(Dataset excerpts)
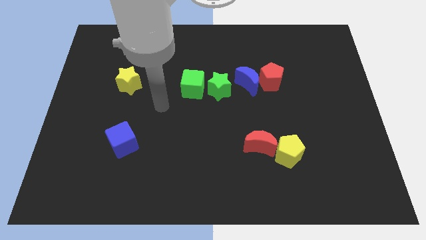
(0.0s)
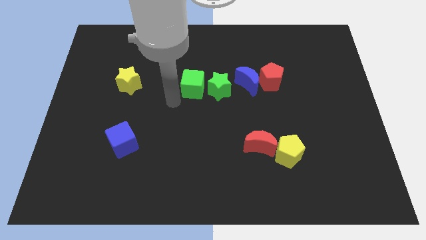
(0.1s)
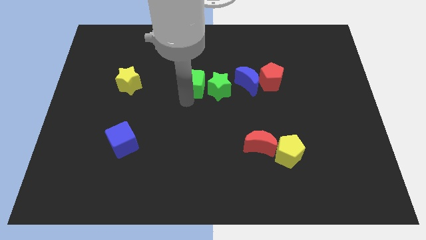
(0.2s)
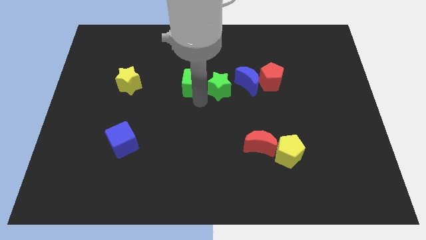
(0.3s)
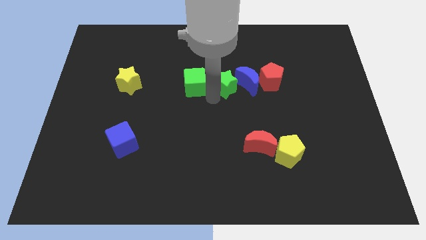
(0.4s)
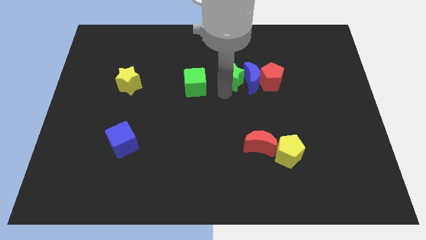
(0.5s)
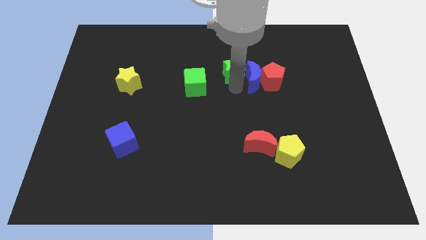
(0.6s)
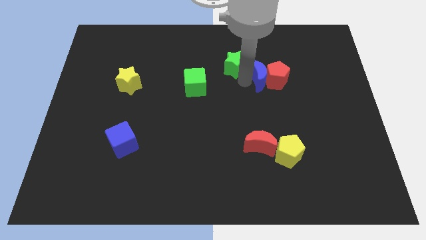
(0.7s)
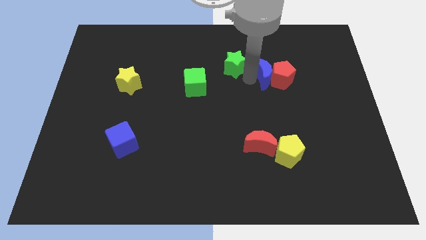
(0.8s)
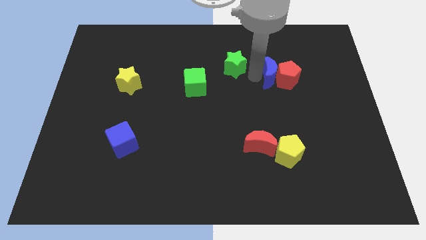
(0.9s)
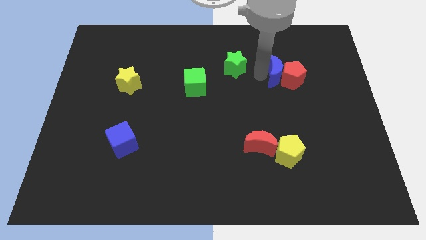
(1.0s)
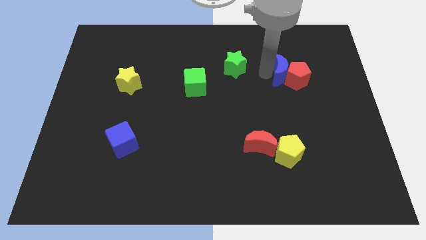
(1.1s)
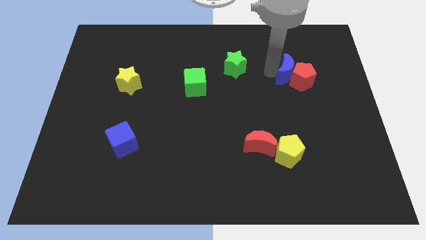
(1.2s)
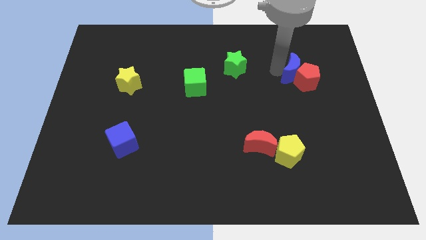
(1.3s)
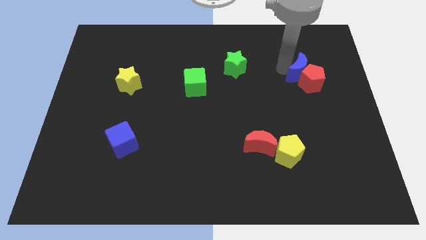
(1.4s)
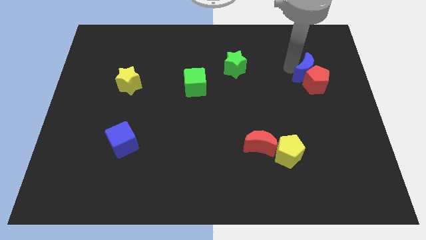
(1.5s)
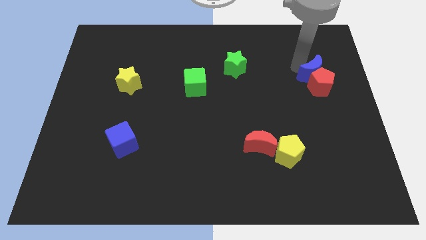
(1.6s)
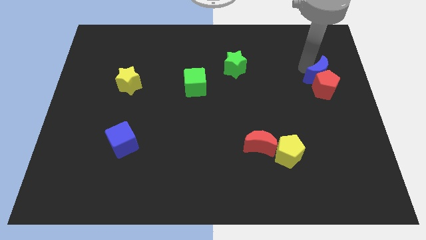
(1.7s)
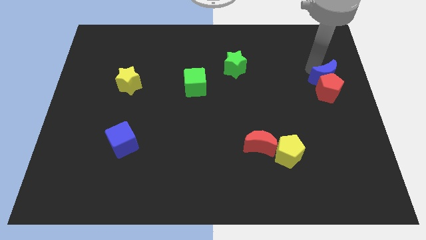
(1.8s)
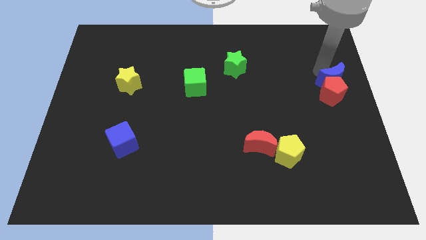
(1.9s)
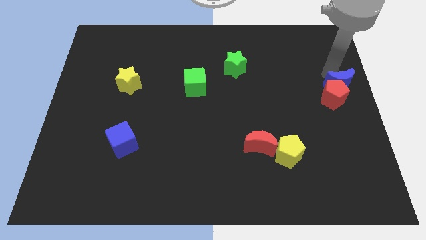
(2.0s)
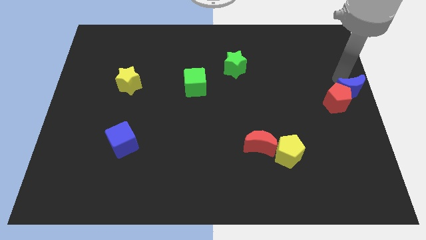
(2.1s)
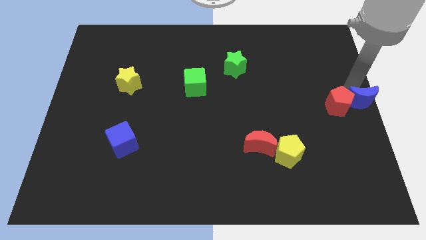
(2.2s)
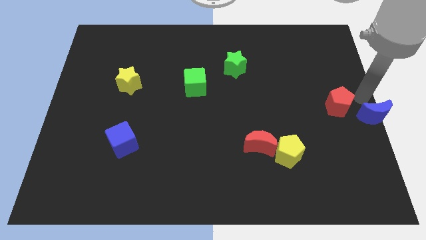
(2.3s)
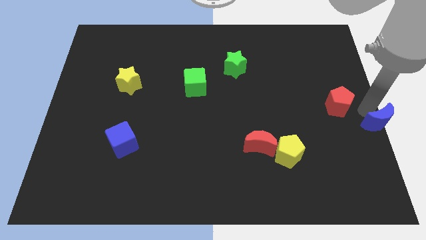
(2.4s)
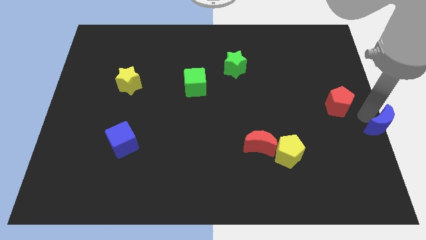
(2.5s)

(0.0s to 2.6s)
separate the red pentagon from the blue moon

● ASSIGNMENT: The records above are to be repeated exactly, with the pictures left out.

● ANSWER TO THE PROBLEM:
(0.0s)
(0.1s)
(0.2s)
(0.3s)
(0.4s)
(0.5s)
(0.6s)
(0.7s)
(0.8s)
(0.9s)
(1.0s)
(1.1s)
(1.2s)
(1.3s)
(1.4s)
(1.5s)
(1.6s)
(1.7s)
(1.8s)
(1.9s)
(2.0s)
(2.1s)
(2.2s)
(2.3s)
(2.4s)
(2.5s)

(0.0s to 2.6s)
separate the red pentagon from the blue moon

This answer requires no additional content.